The authors of the VSAI - a multi-view dataset for vehicle detection in complex scenarios using aerial images - emphasize the importance of arbitrary-oriented vehicle detection in aerial imagery for applications like traffic management, disaster monitoring, and smart cities. Progress in object detection in natural imagery has been substantial, but it’s been slower for aerial imagery due to challenges like variations and limited quality datasets. The created dataset includes various aerial views of real-world scenes from different drone platforms.

The VSAI dataset comprises 49,712 annotated vehicle instances, including oriented bounding boxes and arbitrary quadrilateral bounding boxes. This encompasses 47,519 small vehicles and 2,193 large vehicles. In addition to the object annotations, the occlusion rate of objects was annotated to improve the generalization capabilities of object detection networks.

The authors compare conventional datasets with those collected by camera-equipped drones, highlighting the broad applications of the latter in fields like agriculture, disaster monitoring, traffic management, and military reconnaissance. Unlike natural datasets where objects are usually oriented upward due to gravity, aerial images under oblique views exhibit instances with arbitrary directions, influenced by the drone’s view and scale transformation.

They outline the unique challenges of object detection in aerial imagery, including large size variations of instances, degraded images due to flight limitations and weather variations, presence of many small instances, unbalanced object density, and arbitrary orientations. The authors also acknowledge dataset bias and the need for a dataset that reflects real-world complexity to enhance the generalization ability of object detection networks.

Furthermore, the authors emphasize the significance of identifying objects using multi-view (off-nadir) imagery from drones, particularly in applications like disaster monitoring, emergency rescue, and environmental reconnaissance.

The VSAI dataset comprises 444 static images collected from various drone platforms, including DJI Mavic Air, DJI Mavic 2 Pro, Phantom 3 Pro, Phantom 4, and 4 RTK. The dataset covers a wide range of technical parameters and was collected from various Chinese cities to ensure geographic diversity.
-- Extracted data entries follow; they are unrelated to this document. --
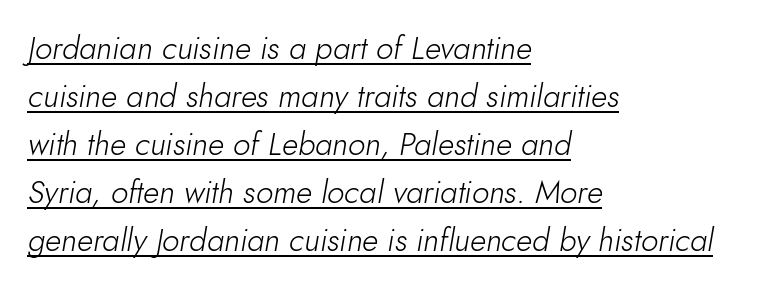
Q: Is the text bold? A: No.
Q: Is the text italic (slanted)? A: Yes, it leans right by about 10 degrees.
Q: Is the text underlined? A: Yes.
Q: How is the paragraph aligned? A: Left-aligned.
Q: Is the spacing between letters normal or unusually wide? A: Normal.
Q: Is the spacing between lines tight, normal or loose? A: Normal.
Q: Width (condensed, normal, or wide)? A: Normal.
Q: Stroke contrast? A: Low.
Q: x-height? A: Small.
Q: Monospaced? A: No.
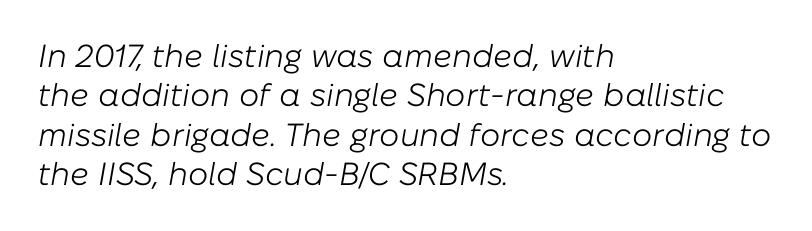
Q: Is the text bold? A: No.
Q: Is the text italic (slanted)? A: Yes, it leans right by about 10 degrees.
Q: Is the text underlined? A: No.
Q: How is the paragraph aligned? A: Left-aligned.
Q: Is the spacing between letters normal or unusually wide? A: Normal.
Q: Width (condensed, normal, or wide)? A: Normal.
Q: Stroke contrast? A: Low.
Q: x-height? A: Medium.
Q: Monospaced? A: No.
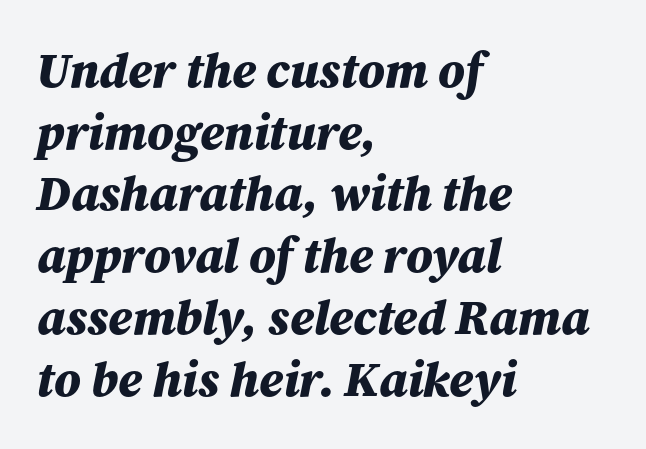
{"italic": "yes", "lean": "right", "slant_degrees": 12, "bold": "yes", "weight": "bold", "width": "normal", "stroke_contrast": "medium", "x_height": "medium", "monospaced": "no", "underline": "no", "align": "left", "line_spacing": "normal", "line_spacing_ratio": 1.26, "letter_spacing": "normal", "letter_spacing_em": 0.0, "glyph_px": 49}
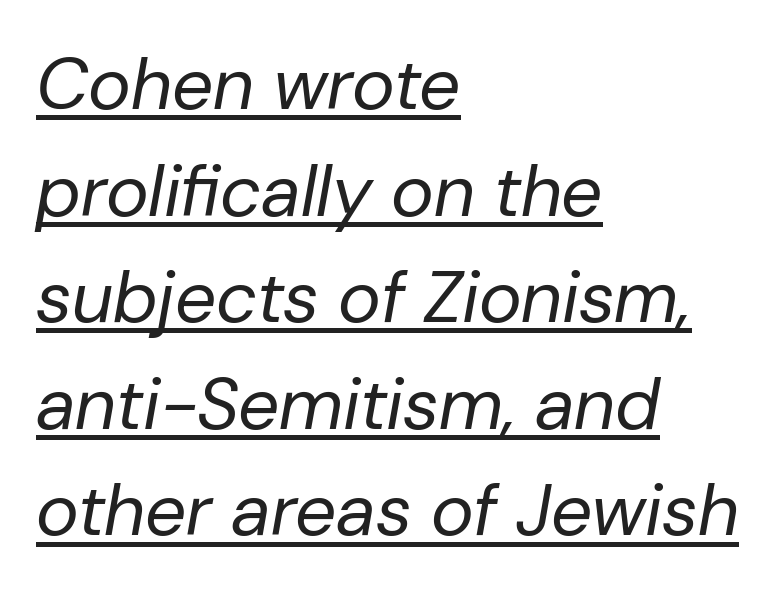
Q: Is the text bold? A: No.
Q: Is the text italic (slanted)? A: Yes, it leans right by about 10 degrees.
Q: Is the text underlined? A: Yes.
Q: How is the paragraph aligned? A: Left-aligned.
Q: Is the spacing between letters normal or unusually wide? A: Normal.
Q: Is the spacing between lines tight, normal or loose? A: Normal.
Q: Width (condensed, normal, or wide)? A: Normal.
Q: Stroke contrast? A: Low.
Q: x-height? A: Medium.
Q: Monospaced? A: No.

Images were captured throughout the year, under various weather and lighting conditions, focusing on small vehicles (e.g., cars, minibuses, pickups) and large vehicles (e.g., buses, large trucks). The dataset aims to address the uneven distribution of vehicles in real-world scenarios.

In the VSAI dataset, the instances with a line of sight (LOS) angles of (−30°, −25°) were the largest. Overall, the LOS angle distribution of the number of instances was not balanced, mainly concentrating on small observation angles in the range of (−45°, −15°).

VSAI covers six complicated scenes throughout China, including the desert, city, mountain, suburb, riverside, and seaside. The six scenarios also contain many subsets, such as cities, including the overhead bridge, crossroad, stadium, riverside embracing dam, bridge, etc.

The authors also collected statistical information about the vehicles, including the vehicle’s orientation angles, instance length, and vehicle aspect ratio. Thus, the lengths of the vehicles were concentrated in the range of 0 to 75 pixels, signifying that there were numerous small instances in the VSAI dataset. At the same time, there was a considerable scale change in VSAI. In addition, distinct perspectives also resulted in a wider range of the vehicle aspect ratio rather than the aspect ratio of 2 or so in traditional down-view aerial images.

Additionally, VSAI provides useful annotations with respect to the occlusion ratio. In this case, the proportion of vehicles being blocked to represent the occlusion ratio and define four levels of occlusions: no occlusion N (occlusion ratio 0%), small occlusion S (occlusion ratio < 30%), moderate occlusion M (occlusion ratio 30~70%), and large occlusion L (occlusion ratio > 70%), mainly for better reflecting the instance density of the instance location.